Holiday morning-afters spell relief for weary hosts
Did you ever feel like that movie, “The Morning After?” It’s not exactly a science fiction flick, but it may as well be if you look in the mirror after a major holiday like Thanksgiving.
The creature staring back is your image of a carbohydrate overdose. You may still have some poultry stuffing stuck in your hair. Oddly enough, even though you appear to qualify for a Macy’s Day balloon parade entry, you have a smile on your face.
And that’s because the company that has invaded your humble abode is going home. You know this because as a good hostess you have an evacuation plan. It’s been in effect for months. In fact, you’ve often caught yourself daydreaming about it when you stare out at the ocean and need an impetus for inspiration. It is the stuff that dreams are made of, you might say.
And here it is. I know the sentence ends with a verb, but you’ll see it is well worth the grammatical freedom.
You were thoughtful enough to leave all manner of departure schedules piled high in the guests' rooms and elsewhere. All possible types of transportation including air, sea, land, and burro are plastered on the backs of cereal boxes, on the ceilings of the guest rooms and as an effort to appear tasteful, on the inside of the toilet seat.

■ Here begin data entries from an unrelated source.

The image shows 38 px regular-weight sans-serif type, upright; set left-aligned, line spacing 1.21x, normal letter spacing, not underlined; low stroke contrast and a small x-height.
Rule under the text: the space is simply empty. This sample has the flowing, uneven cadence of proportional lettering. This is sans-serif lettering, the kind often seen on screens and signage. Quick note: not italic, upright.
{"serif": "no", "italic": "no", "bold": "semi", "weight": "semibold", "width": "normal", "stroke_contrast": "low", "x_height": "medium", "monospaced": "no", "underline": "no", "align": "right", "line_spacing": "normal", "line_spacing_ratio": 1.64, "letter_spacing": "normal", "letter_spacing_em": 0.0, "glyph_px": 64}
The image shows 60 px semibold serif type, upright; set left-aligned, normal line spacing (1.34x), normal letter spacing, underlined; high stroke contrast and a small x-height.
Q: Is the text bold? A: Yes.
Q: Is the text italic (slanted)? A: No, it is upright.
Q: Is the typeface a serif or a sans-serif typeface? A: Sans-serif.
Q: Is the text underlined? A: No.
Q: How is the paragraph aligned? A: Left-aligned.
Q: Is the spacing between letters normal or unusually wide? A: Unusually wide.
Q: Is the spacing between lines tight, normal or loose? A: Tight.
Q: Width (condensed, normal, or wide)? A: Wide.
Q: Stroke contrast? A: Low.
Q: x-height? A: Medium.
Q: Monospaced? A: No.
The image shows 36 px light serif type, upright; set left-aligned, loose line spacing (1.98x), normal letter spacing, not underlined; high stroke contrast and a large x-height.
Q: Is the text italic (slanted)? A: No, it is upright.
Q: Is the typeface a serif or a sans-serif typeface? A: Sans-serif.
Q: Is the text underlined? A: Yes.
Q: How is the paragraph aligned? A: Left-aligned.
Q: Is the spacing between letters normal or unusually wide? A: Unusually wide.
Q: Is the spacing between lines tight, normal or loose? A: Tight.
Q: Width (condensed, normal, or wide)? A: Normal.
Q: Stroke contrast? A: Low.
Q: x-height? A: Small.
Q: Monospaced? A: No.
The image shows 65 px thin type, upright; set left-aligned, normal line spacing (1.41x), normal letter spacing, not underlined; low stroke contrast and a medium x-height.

As a personal touch I like to have them glazed with leftover gravy and then use a hot glue gun or a blowtorch as a seal for extra protection. Oh, I’m not leaving out the older relatives either; I’ve placed those brochures with a font size up to 80, and just to be safe, a Coke bottle type of magnifying glass.
Of course, there is no electricity in the house the morning after. Every circuit has been blown by all kinds of techno devices plugged in by mostly the young folks and running nonstop since their arrival.

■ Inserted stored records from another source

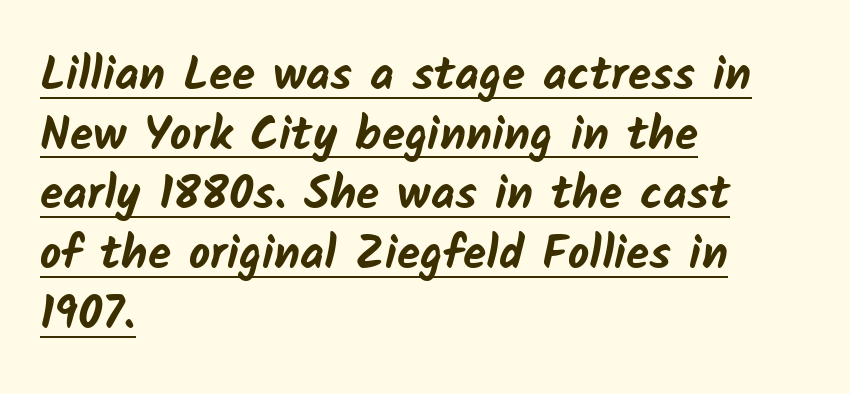
Glance below the letters and you will spot a drawn line. The text block is weighted toward the left margin, trailing off unevenly rightward. Caption: standard tracking, unaltered. No feet cap the strokes, marking this as sans-serif type. Proportional: the letters do not fall into vertical columns.
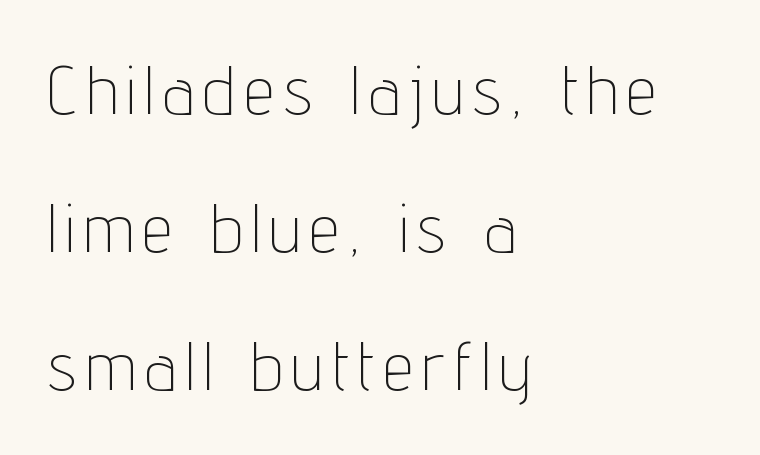
Q: Is the text bold? A: No.
Q: Is the text italic (slanted)? A: No, it is upright.
Q: Is the typeface a serif or a sans-serif typeface? A: Sans-serif.
Q: Is the text underlined? A: No.
Q: How is the paragraph aligned? A: Left-aligned.
Q: Is the spacing between lines tight, normal or loose? A: Loose.
Q: Width (condensed, normal, or wide)? A: Condensed.
Q: Stroke contrast? A: Low.
Q: x-height? A: Medium.
Q: Monospaced? A: No.
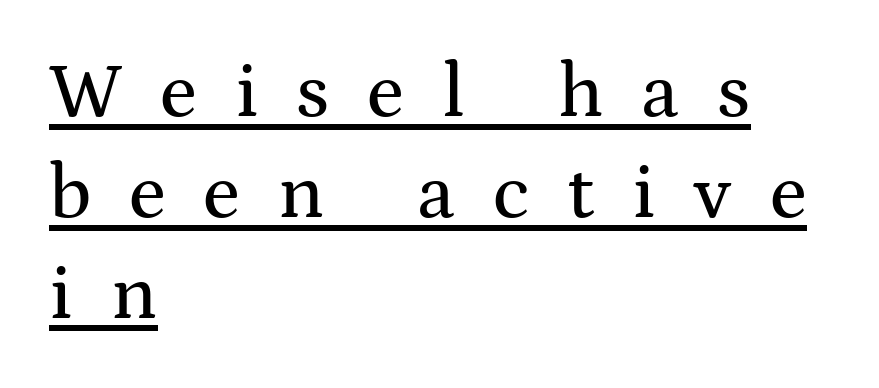
The image shows 77 px wide serif type, upright; set left-aligned, normal line spacing (1.31x), unusually wide letter spacing (+0.49 em), underlined; medium stroke contrast and a medium x-height.
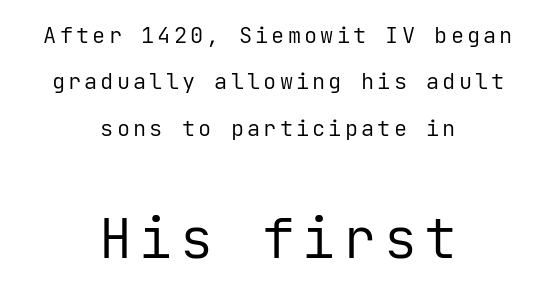
Weight: in the light-to-regular range. Posture: straight, roman, zero tilt. No feet cap the strokes, marking this as sans-serif type. The letters march in equal steps, a hallmark of fixed-pitch type. The designer dialed line spacing up above the default.
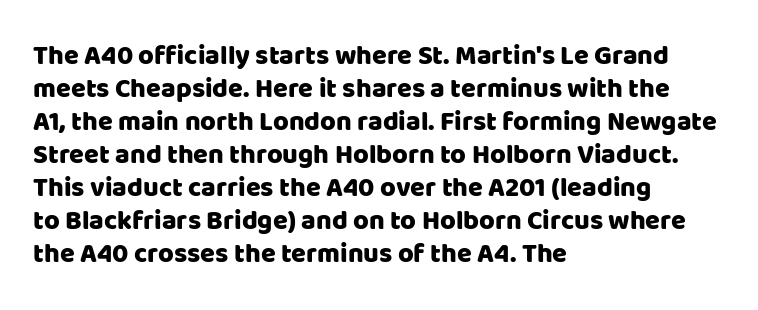
No extra tracking has been applied to these lines. Check the space under the baseline: it is left empty. The font's upright variant was chosen for this text. Casual observation: everything's shoved over to the left.
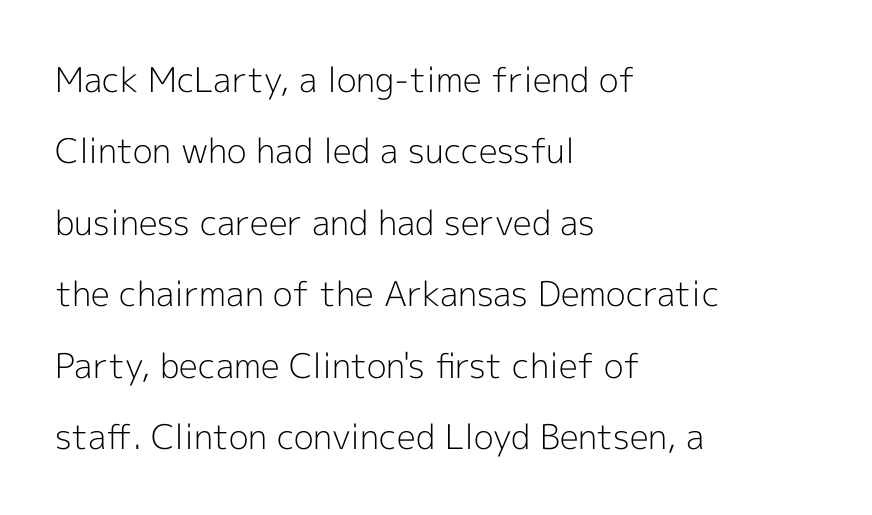
This sample uses plain, unmodified letter spacing. The designer dialed line spacing up above the default. Every row of glyphs begins at an identical x-position on the left. The typeface has the unassuming heft of standard copy or less.
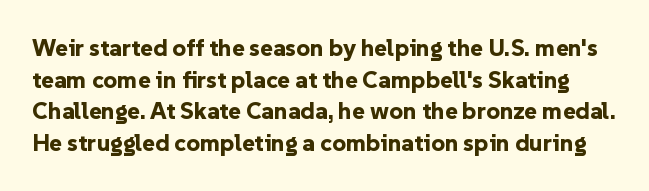
{"italic": "no", "bold": "yes", "underline": "no", "line_spacing": "normal", "line_spacing_ratio": 1.32, "letter_spacing": "normal", "letter_spacing_em": 0.0, "glyph_px": 24}
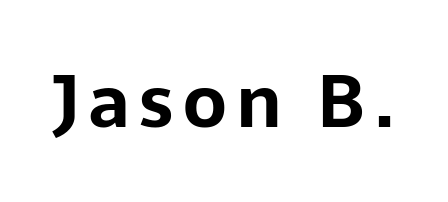
Q: Is the text bold? A: Yes.
Q: Is the text italic (slanted)? A: No, it is upright.
Q: Is the typeface a serif or a sans-serif typeface? A: Sans-serif.
Q: Is the text underlined? A: No.
Q: Width (condensed, normal, or wide)? A: Normal.
Q: Stroke contrast? A: Low.
Q: x-height? A: Medium.
Q: Monospaced? A: No.
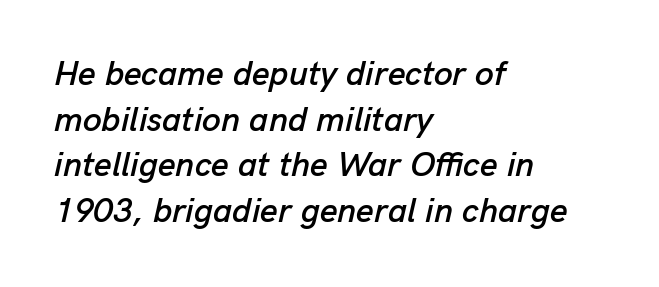
The image shows 34 px text type, italic (leaning right); set left-aligned, normal line spacing (1.34x), normal letter spacing, not underlined; low stroke contrast and a medium x-height.
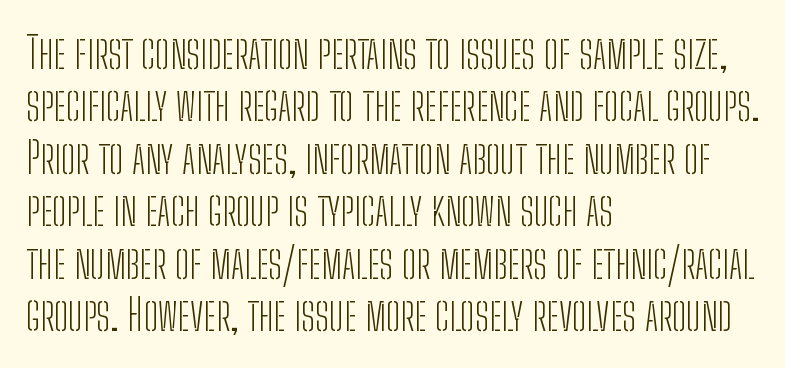
Q: Is the text bold? A: No.
Q: Is the text italic (slanted)? A: No, it is upright.
Q: Is the typeface a serif or a sans-serif typeface? A: Sans-serif.
Q: Is the text underlined? A: No.
Q: How is the paragraph aligned? A: Left-aligned.
Q: Is the spacing between letters normal or unusually wide? A: Normal.
Q: Width (condensed, normal, or wide)? A: Condensed.
Q: Stroke contrast? A: Low.
Q: x-height? A: Medium.
Q: Monospaced? A: No.

Anything with an Apple logo has snaked its way across floors, over beds, though chairs and under cushions to outlets that are now down to the wattage used in European bed and breakfasts.
But you’ve had the foresight to call the electric company and book an appointment for today. In order to have service restored, you made that appointment in July. For those who have not thought ahead, be prepared for a prerecording when you call your electric company that is nothing but a laugh track from a comedy show like “Two and a Half Men.”
And the cable company has a similar laugh track, except this one keeps repeating they will be with you momentarily before they play the recording. The men that installed this at the cable company were hospitalized from laughing so hard themselves, they ruptured the fluid in their eyeballs. It’s a dangerous job all around.
But the crowning jewel of this evacuation plan is a stroke of genius. Yes, I know it can’t get any better, but it does. I ordered a Dumpster to be delivered for the afternoon of the morning after.
You see, the next day you will find scattered amongst sofa cushions, piled high on your dining room table, stacked in your freezer and refrigerator, hung from shower curtains and stuck in your VCR all kinds of personal items. From eyeglasses to property deeds, they will be forming their own planet right before your eyes. Pretty soon your place will resemble that show where people hoard so many items you need hip boots to get though the place.
And I don’t have to tell you the phone will ring off the hook requesting you save these items.
So the old Boy Scout motto falls into place here, “Be prepared.” Life is good again the morning after.